[TRY IT]
The pictures must be left out, while the rest of the data is copied exactly.

RAW DATA below:

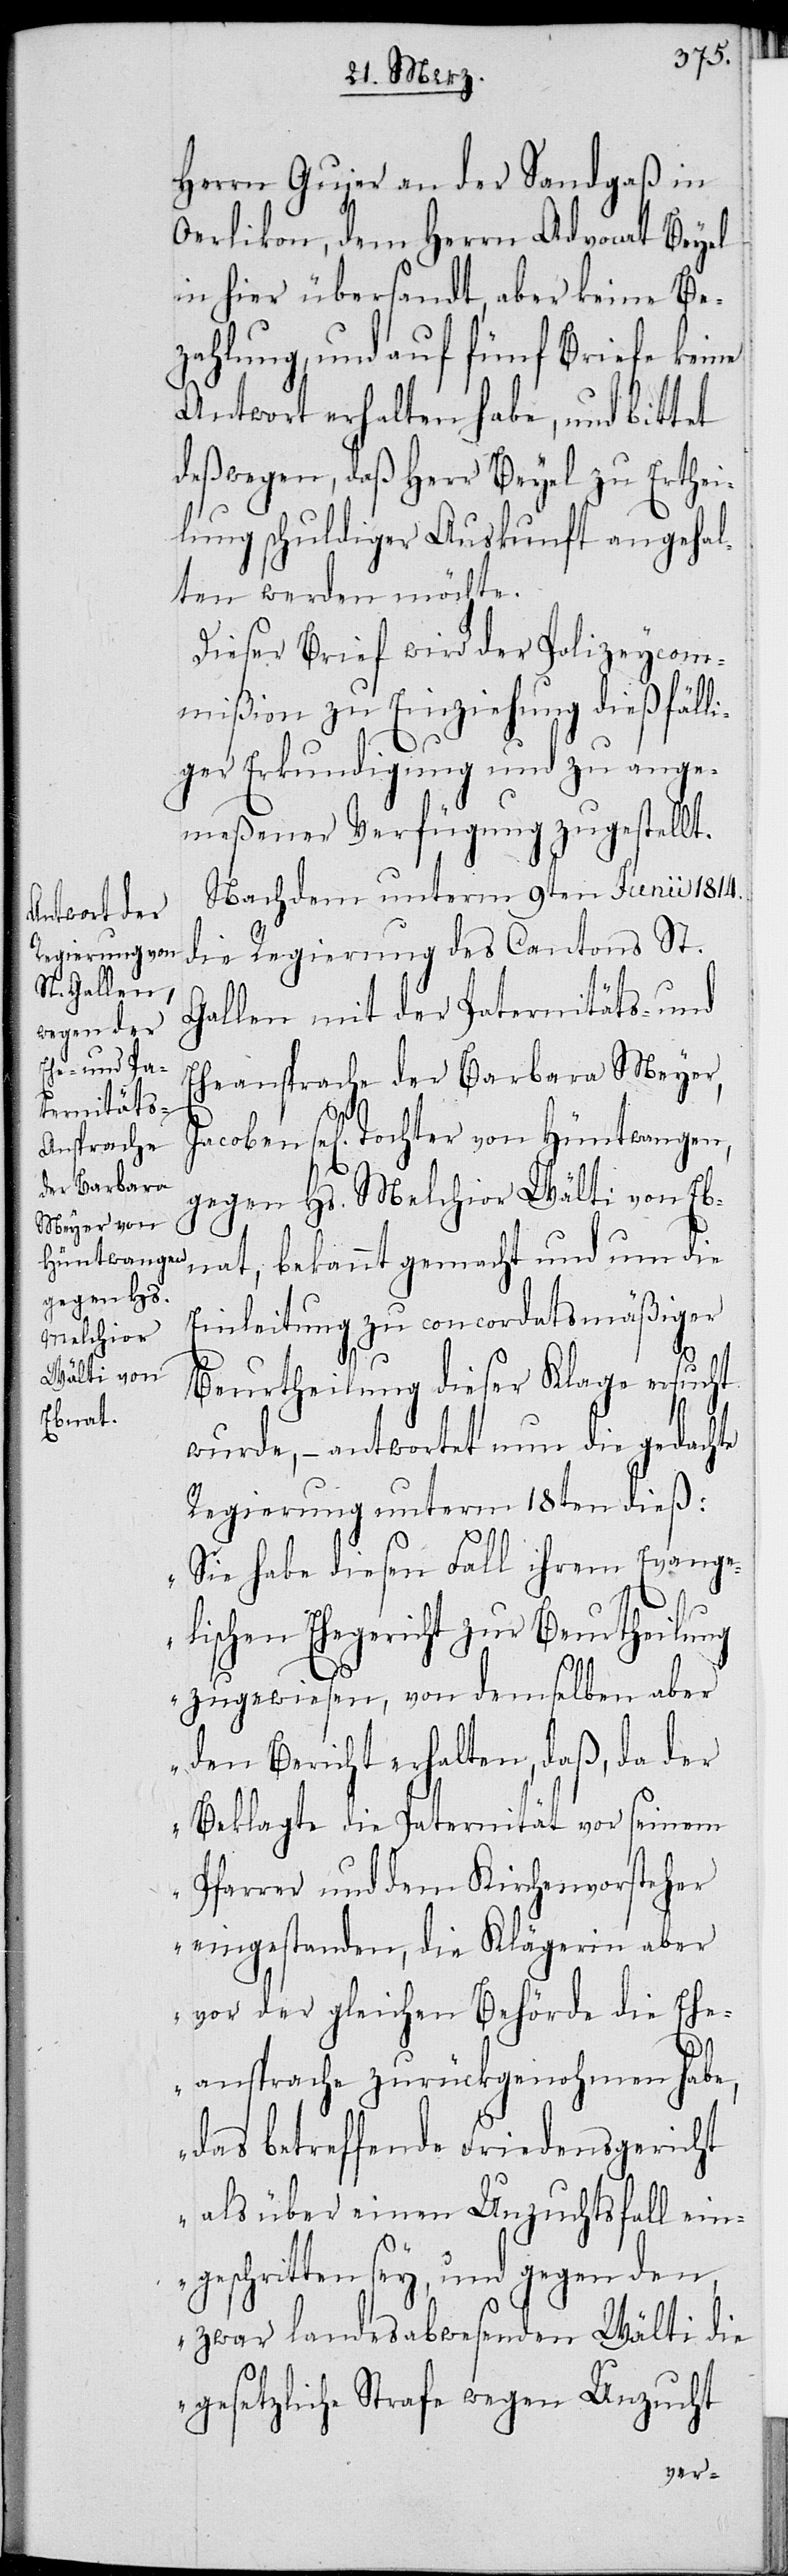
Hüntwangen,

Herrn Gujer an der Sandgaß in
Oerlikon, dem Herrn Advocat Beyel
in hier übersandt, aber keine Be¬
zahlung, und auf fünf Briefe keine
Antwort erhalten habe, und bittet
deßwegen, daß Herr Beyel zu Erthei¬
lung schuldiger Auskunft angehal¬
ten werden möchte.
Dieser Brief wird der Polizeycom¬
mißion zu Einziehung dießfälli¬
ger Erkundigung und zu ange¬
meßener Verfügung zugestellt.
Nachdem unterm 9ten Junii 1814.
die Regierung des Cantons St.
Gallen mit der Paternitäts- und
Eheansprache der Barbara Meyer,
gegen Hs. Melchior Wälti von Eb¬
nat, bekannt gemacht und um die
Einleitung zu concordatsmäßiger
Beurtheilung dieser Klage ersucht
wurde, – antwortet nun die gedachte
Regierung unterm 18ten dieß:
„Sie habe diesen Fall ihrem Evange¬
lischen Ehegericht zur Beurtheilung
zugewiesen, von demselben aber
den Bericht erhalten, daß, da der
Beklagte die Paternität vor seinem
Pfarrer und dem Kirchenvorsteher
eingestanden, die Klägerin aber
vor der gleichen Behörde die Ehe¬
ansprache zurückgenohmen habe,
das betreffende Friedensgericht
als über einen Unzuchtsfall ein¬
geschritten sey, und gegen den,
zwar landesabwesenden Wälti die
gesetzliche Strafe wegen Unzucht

End of RAW DATA.

[OUTPUT FOR THIS TASK]
Hüntwangen,

Herrn Gujer an der Sandgaß in
Oerlikon, dem Herrn Advocat Beyel
in hier übersandt, aber keine Be¬
zahlung, und auf fünf Briefe keine
Antwort erhalten habe, und bittet
deßwegen, daß Herr Beyel zu Erthei¬
lung schuldiger Auskunft angehal¬
ten werden möchte.
Dieser Brief wird der Polizeycom¬
mißion zu Einziehung dießfälli¬
ger Erkundigung und zu ange¬
meßener Verfügung zugestellt.
Nachdem unterm 9ten Junii 1814.
die Regierung des Cantons St.
Gallen mit der Paternitäts- und
Eheansprache der Barbara Meyer,
gegen Hs. Melchior Wälti von Eb¬
nat, bekannt gemacht und um die
Einleitung zu concordatsmäßiger
Beurtheilung dieser Klage ersucht
wurde, – antwortet nun die gedachte
Regierung unterm 18ten dieß:
„Sie habe diesen Fall ihrem Evange¬
lischen Ehegericht zur Beurtheilung
zugewiesen, von demselben aber
den Bericht erhalten, daß, da der
Beklagte die Paternität vor seinem
Pfarrer und dem Kirchenvorsteher
eingestanden, die Klägerin aber
vor der gleichen Behörde die Ehe¬
ansprache zurückgenohmen habe,
das betreffende Friedensgericht
als über einen Unzuchtsfall ein¬
geschritten sey, und gegen den,
zwar landesabwesenden Wälti die
gesetzliche Strafe wegen Unzucht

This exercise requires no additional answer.